Every connected $\omega$-stable group has a zero element?

Question

Let $G$ be a connected $\omega$-stable group and $p$ its unique generic. Let $a$ be a realization of $p$, $G\prec G_1$ an elementary extension containing $a$ and $q$ the non forking extension of $p$ to $G_1$. So $p=tp(a/G)$, $q=tp(a/G_1)$.

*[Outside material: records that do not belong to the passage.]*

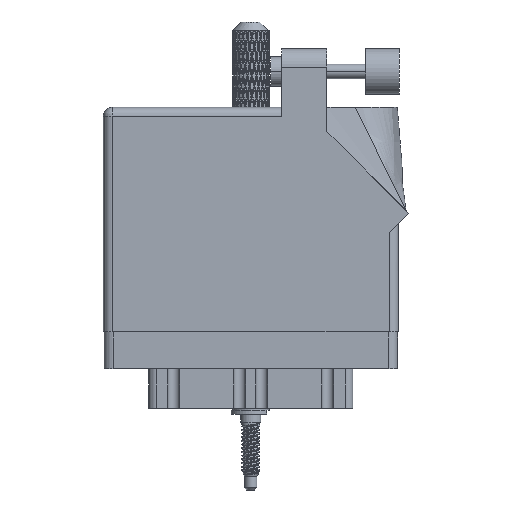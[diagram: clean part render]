
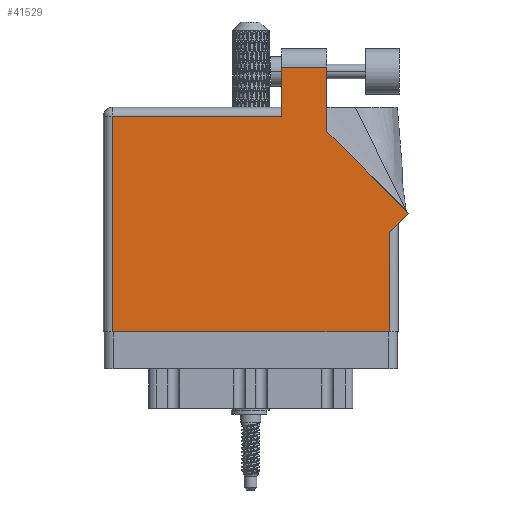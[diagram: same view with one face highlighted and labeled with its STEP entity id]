
A CAD part, front view. The second image highlights one B-rep face of the part: STEP entity #41529.
In plain terms, the highlighted face is planar.
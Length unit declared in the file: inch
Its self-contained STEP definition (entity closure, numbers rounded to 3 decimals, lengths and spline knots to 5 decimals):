
#2274 = DIRECTION ( 'NONE',  ( 0., -1., 0. ) ) ;
#5154 = VECTOR ( 'NONE', #20946, 39.37008 ) ;
#8331 = CARTESIAN_POINT ( 'NONE',  ( 1.524, 1.805, 0. ) ) ;
#11137 = CARTESIAN_POINT ( 'NONE',  ( 1.948, 0.737, 0. ) ) ;
#12831 = CARTESIAN_POINT ( 'NONE',  ( 0.062, 1.468, 0. ) ) ;
#14433 = VECTOR ( 'NONE', #16491, 39.37008 ) ;
#14563 = CARTESIAN_POINT ( 'NONE',  ( 1.217, 1.468, 0. ) ) ;
#14837 = DIRECTION ( 'NONE',  ( 0., 0., -1. ) ) ;
#16491 = DIRECTION ( 'NONE',  ( -0.707, 0.707, 0. ) ) ;
#18500 = LINE ( 'NONE', #98880, #81396 ) ;
#20087 = LINE ( 'NONE', #34885, #57498 ) ;
#20757 = EDGE_CURVE ( 'NONE', #51112, #55181, #20087, .T. ) ;
#20946 = DIRECTION ( 'NONE',  ( -1., 0., 0. ) ) ;
#23380 = EDGE_CURVE ( 'NONE', #30598, #51112, #99007, .T. ) ;
#24033 = CARTESIAN_POINT ( 'NONE',  ( 0.062, 0., 0. ) ) ;
#25890 = LINE ( 'NONE', #90376, #41987 ) ;
#26454 = CARTESIAN_POINT ( 'NONE',  ( 0.062, 0., 0. ) ) ;
#27593 = CARTESIAN_POINT ( 'NONE',  ( 2.01, 0.737, 0. ) ) ;
#30598 = VERTEX_POINT ( 'NONE', #31571 ) ;
#30704 = PLANE ( 'NONE',  #37595 ) ;
#31567 = EDGE_CURVE ( 'NONE', #36816, #41609, #34898, .T. ) ;
#31571 = CARTESIAN_POINT ( 'NONE',  ( 1.217, 1.805, 0. ) ) ;
#34885 = CARTESIAN_POINT ( 'NONE',  ( 0., 1.468, 0. ) ) ;
#34898 = LINE ( 'NONE', #11137, #83570 ) ;
#36816 = VERTEX_POINT ( 'NONE', #61788 ) ;
#37595 = AXIS2_PLACEMENT_3D ( 'NONE', #88267, #14837, #78809 ) ;
#41529 = ADVANCED_FACE ( 'NONE', ( #103155 ), #30704, .F. ) ;
#41609 = VERTEX_POINT ( 'NONE', #58063 ) ;
#41987 = VECTOR ( 'NONE', #58118, 39.37008 ) ;
#43157 = EDGE_CURVE ( 'NONE', #84649, #30598, #78062, .T. ) ;
#43910 = ORIENTED_EDGE ( 'NONE', *, *, #90812, .T. ) ;
#44914 = DIRECTION ( 'NONE',  ( -1., 0., 0. ) ) ;
#48056 = EDGE_CURVE ( 'NONE', #71126, #84649, #18500, .T. ) ;
#49216 = CARTESIAN_POINT ( 'NONE',  ( 2.08071, 0.80771, 0. ) ) ;
#50960 = EDGE_LOOP ( 'NONE', ( #72079, #100017, #62711, #84452, #87805, #76069, #85975, #43910, #52417 ) ) ;
#51112 = VERTEX_POINT ( 'NONE', #14563 ) ;
#52417 = ORIENTED_EDGE ( 'NONE', *, *, #73355, .T. ) ;
#54254 = CARTESIAN_POINT ( 'NONE',  ( 1.217, 1.805, 0. ) ) ;
#55181 = VERTEX_POINT ( 'NONE', #12831 ) ;
#57498 = VECTOR ( 'NONE', #44914, 39.37008 ) ;
#58063 = CARTESIAN_POINT ( 'NONE',  ( 1.948, 0.675, 0. ) ) ;
#58118 = DIRECTION ( 'NONE',  ( 1., 0., 0. ) ) ;
#58972 = VECTOR ( 'NONE', #77062, 39.37008 ) ;
#59325 = VERTEX_POINT ( 'NONE', #61350 ) ;
#61350 = CARTESIAN_POINT ( 'NONE',  ( 2.08071, 0.80771, 0. ) ) ;
#61788 = CARTESIAN_POINT ( 'NONE',  ( 1.948, 0., 0. ) ) ;
#62711 = ORIENTED_EDGE ( 'NONE', *, *, #23380, .T. ) ;
#66100 = LINE ( 'NONE', #26454, #58972 ) ;
#71126 = VERTEX_POINT ( 'NONE', #99540 ) ;
#71545 = VECTOR ( 'NONE', #2274, 39.37008 ) ;
#72079 = ORIENTED_EDGE ( 'NONE', *, *, #48056, .T. ) ;
#73019 = LINE ( 'NONE', #49216, #14433 ) ;
#73355 = EDGE_CURVE ( 'NONE', #59325, #71126, #73019, .T. ) ;
#74658 = CARTESIAN_POINT ( 'NONE',  ( 1.217, 1.53, 0. ) ) ;
#75609 = DIRECTION ( 'NONE',  ( 0., 1., 0. ) ) ;
#76069 = ORIENTED_EDGE ( 'NONE', *, *, #93308, .T. ) ;
#77062 = DIRECTION ( 'NONE',  ( 0., -1., 0. ) ) ;
#78062 = LINE ( 'NONE', #54254, #5154 ) ;
#78809 = DIRECTION ( 'NONE',  ( -1., 0., 0. ) ) ;
#81396 = VECTOR ( 'NONE', #83532, 39.37008 ) ;
#83532 = DIRECTION ( 'NONE',  ( 0., 1., 0. ) ) ;
#83570 = VECTOR ( 'NONE', #75609, 39.37008 ) ;
#84299 = EDGE_CURVE ( 'NONE', #55181, #86754, #66100, .T. ) ;
#84452 = ORIENTED_EDGE ( 'NONE', *, *, #20757, .T. ) ;
#84649 = VERTEX_POINT ( 'NONE', #8331 ) ;
#85767 = DIRECTION ( 'NONE',  ( 0.707, 0.707, 0. ) ) ;
#85975 = ORIENTED_EDGE ( 'NONE', *, *, #31567, .T. ) ;
#86754 = VERTEX_POINT ( 'NONE', #24033 ) ;
#87805 = ORIENTED_EDGE ( 'NONE', *, *, #84299, .T. ) ;
#88267 = CARTESIAN_POINT ( 'NONE',  ( 0., 1.53, 0. ) ) ;
#90376 = CARTESIAN_POINT ( 'NONE',  ( 0., 0., 0. ) ) ;
#90812 = EDGE_CURVE ( 'NONE', #41609, #59325, #100568, .T. ) ;
#92514 = VECTOR ( 'NONE', #85767, 39.37008 ) ;
#93308 = EDGE_CURVE ( 'NONE', #86754, #36816, #25890, .T. ) ;
#98880 = CARTESIAN_POINT ( 'NONE',  ( 1.524, 1.36442, 0. ) ) ;
#99007 = LINE ( 'NONE', #74658, #71545 ) ;
#99540 = CARTESIAN_POINT ( 'NONE',  ( 1.524, 1.36442, 0. ) ) ;
#100017 = ORIENTED_EDGE ( 'NONE', *, *, #43157, .T. ) ;
#100568 = LINE ( 'NONE', #27593, #92514 ) ;
#103155 = FACE_OUTER_BOUND ( 'NONE', #50960, .T. ) ;

Since $p$ is generic, so is $q$. Hence, $Stab(q)=G_1$, or in other words, $\forall x\in G_1\, xa=a$. Hence there is also such element in $G$.

Where did I go wrong?

Yatir

Answer 1

I'm not very familiar with the theory of $\omega$-stable groups, but I think you've made two mistakes:

1. You've assumed that $a\models q$, for which there is no reason ($a$ is just any realization of $p$, of which $q$ is an extension, but by no means the only one). In fact, this is impossible, as any element of $G_1$ has isolated type over $G_1$ and generic type can't be isolated (because isolated types have rank $0$ and the group is infinite, and so it has a nonzero rank).
2. Another mistake, though possibly easily fixed, is that you tacitly assumed that $G_1$ is connected. Maybe you can do that, but I don't know that and you've certainly not said so.